▸ **Assigned task**
Reproduce every record below word for word and include no pictures.
-*-
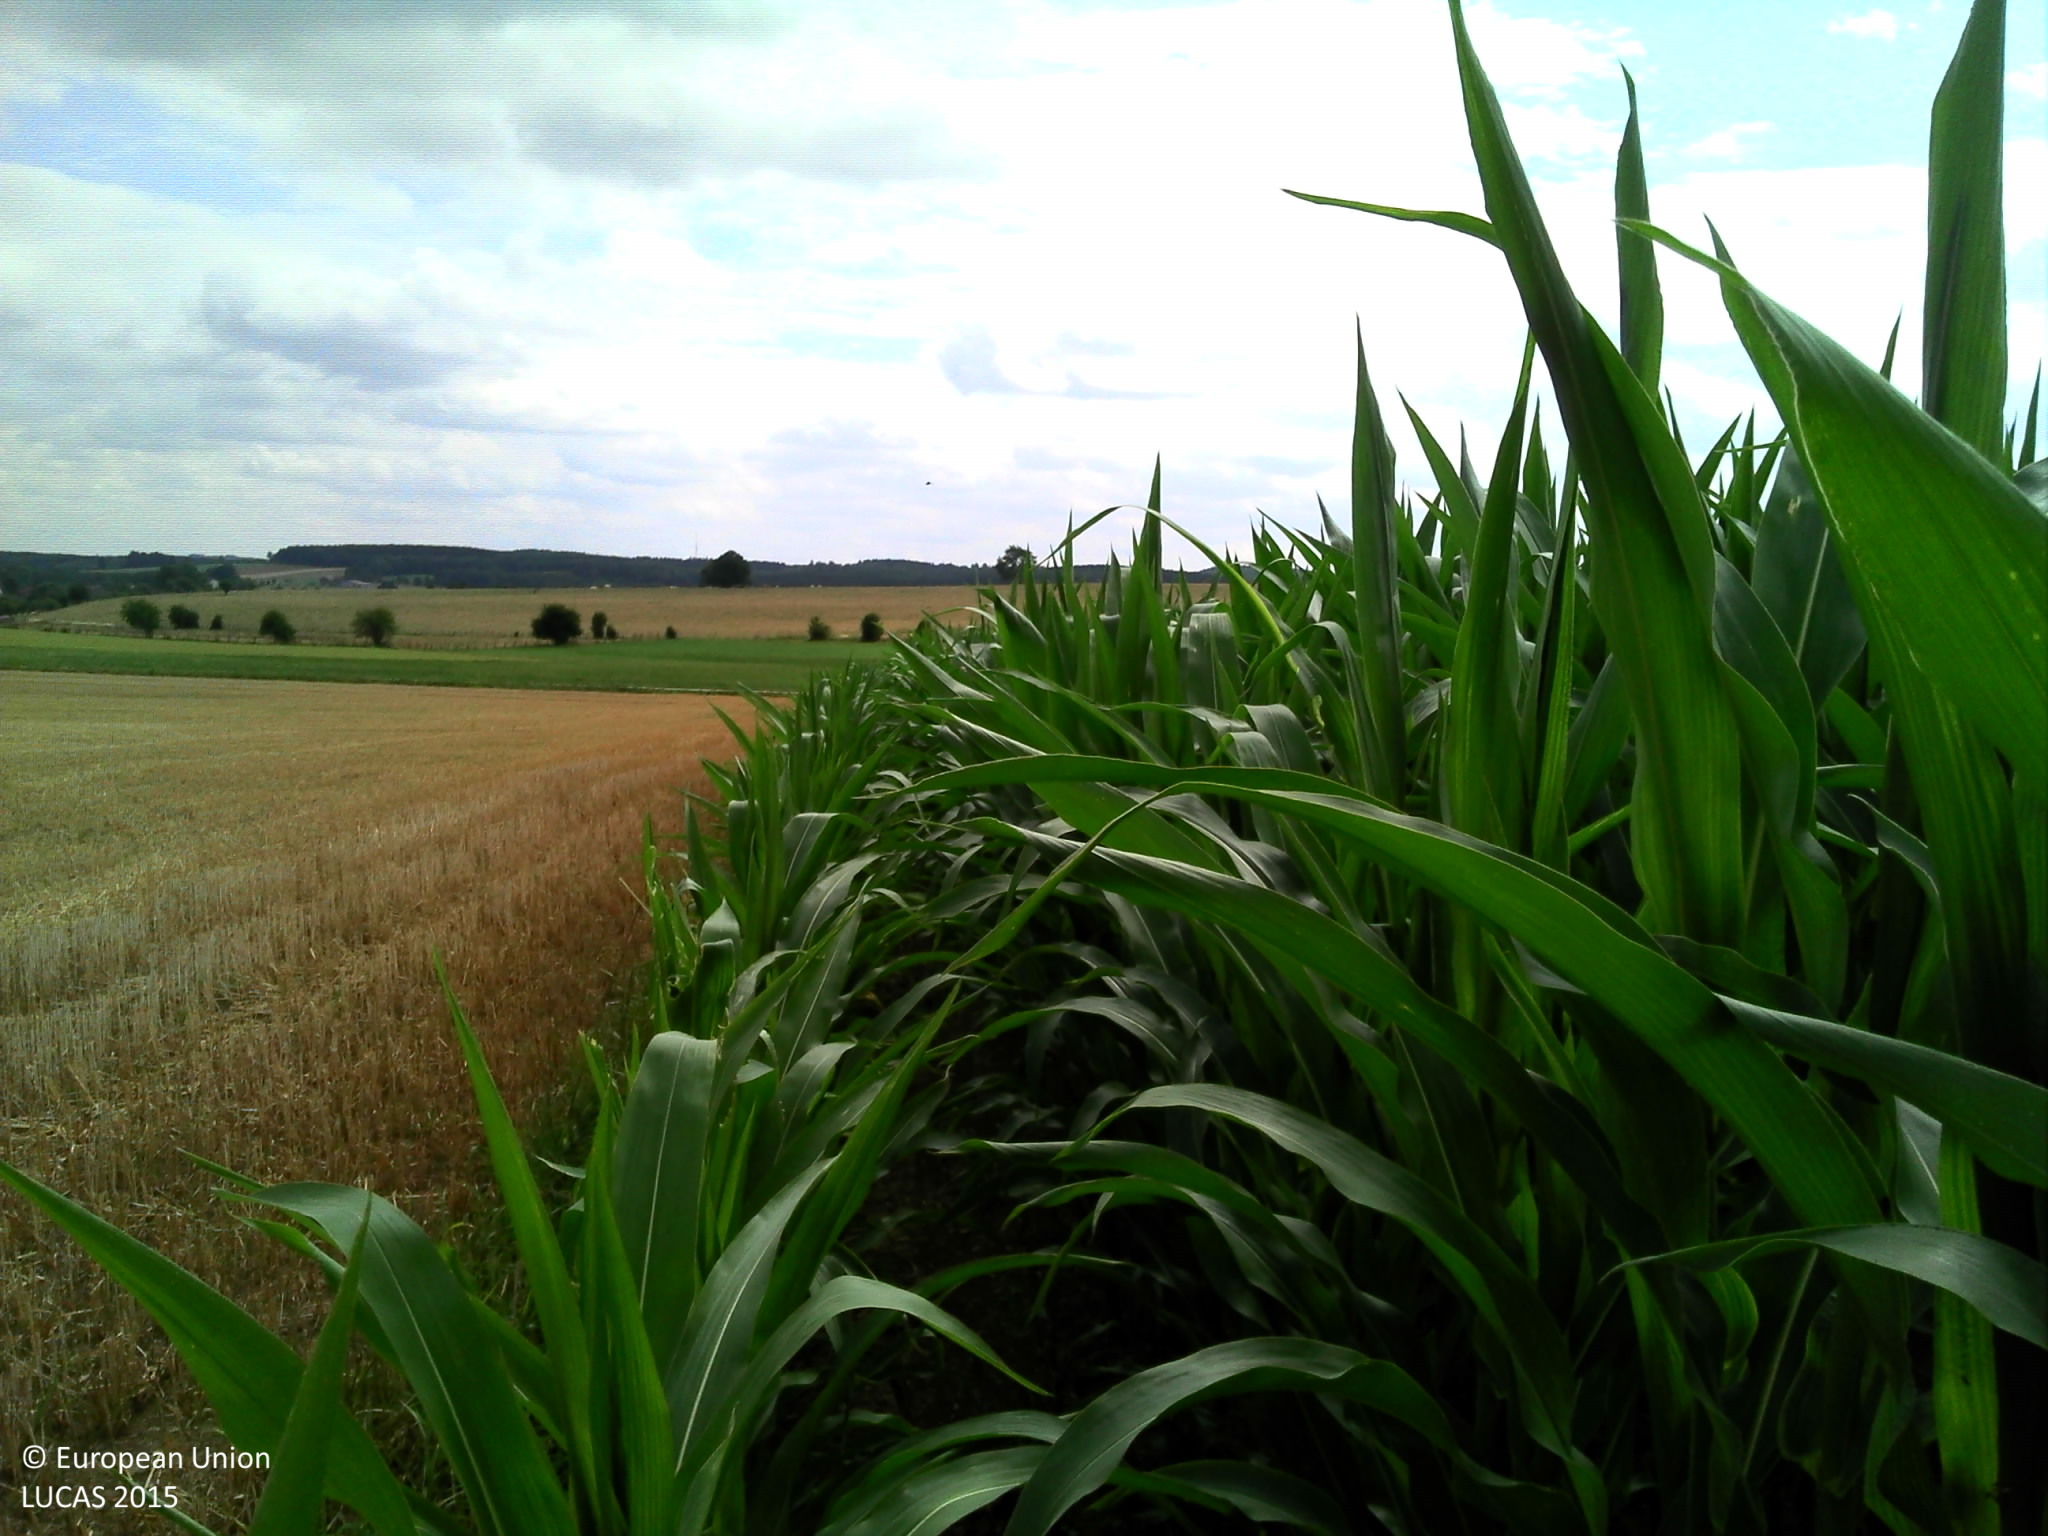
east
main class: Cropland
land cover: Maize
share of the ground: > 75 %
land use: Agriculture (excluding fallow land and kitchen gardens)
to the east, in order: Maize; Grass margins; Paved roads, cycling and walking lanes; Grassland without tree/shrub cover
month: July
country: BE
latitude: 49.7908
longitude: 5.5395
-*-
▸ **Output of the task**
east
main class: Cropland
land cover: Maize
share of the ground: > 75 %
land use: Agriculture (excluding fallow land and kitchen gardens)
to the east, in order: Maize; Grass margins; Paved roads, cycling and walking lanes; Grassland without tree/shrub cover
month: July
country: BE
latitude: 49.7908
longitude: 5.5395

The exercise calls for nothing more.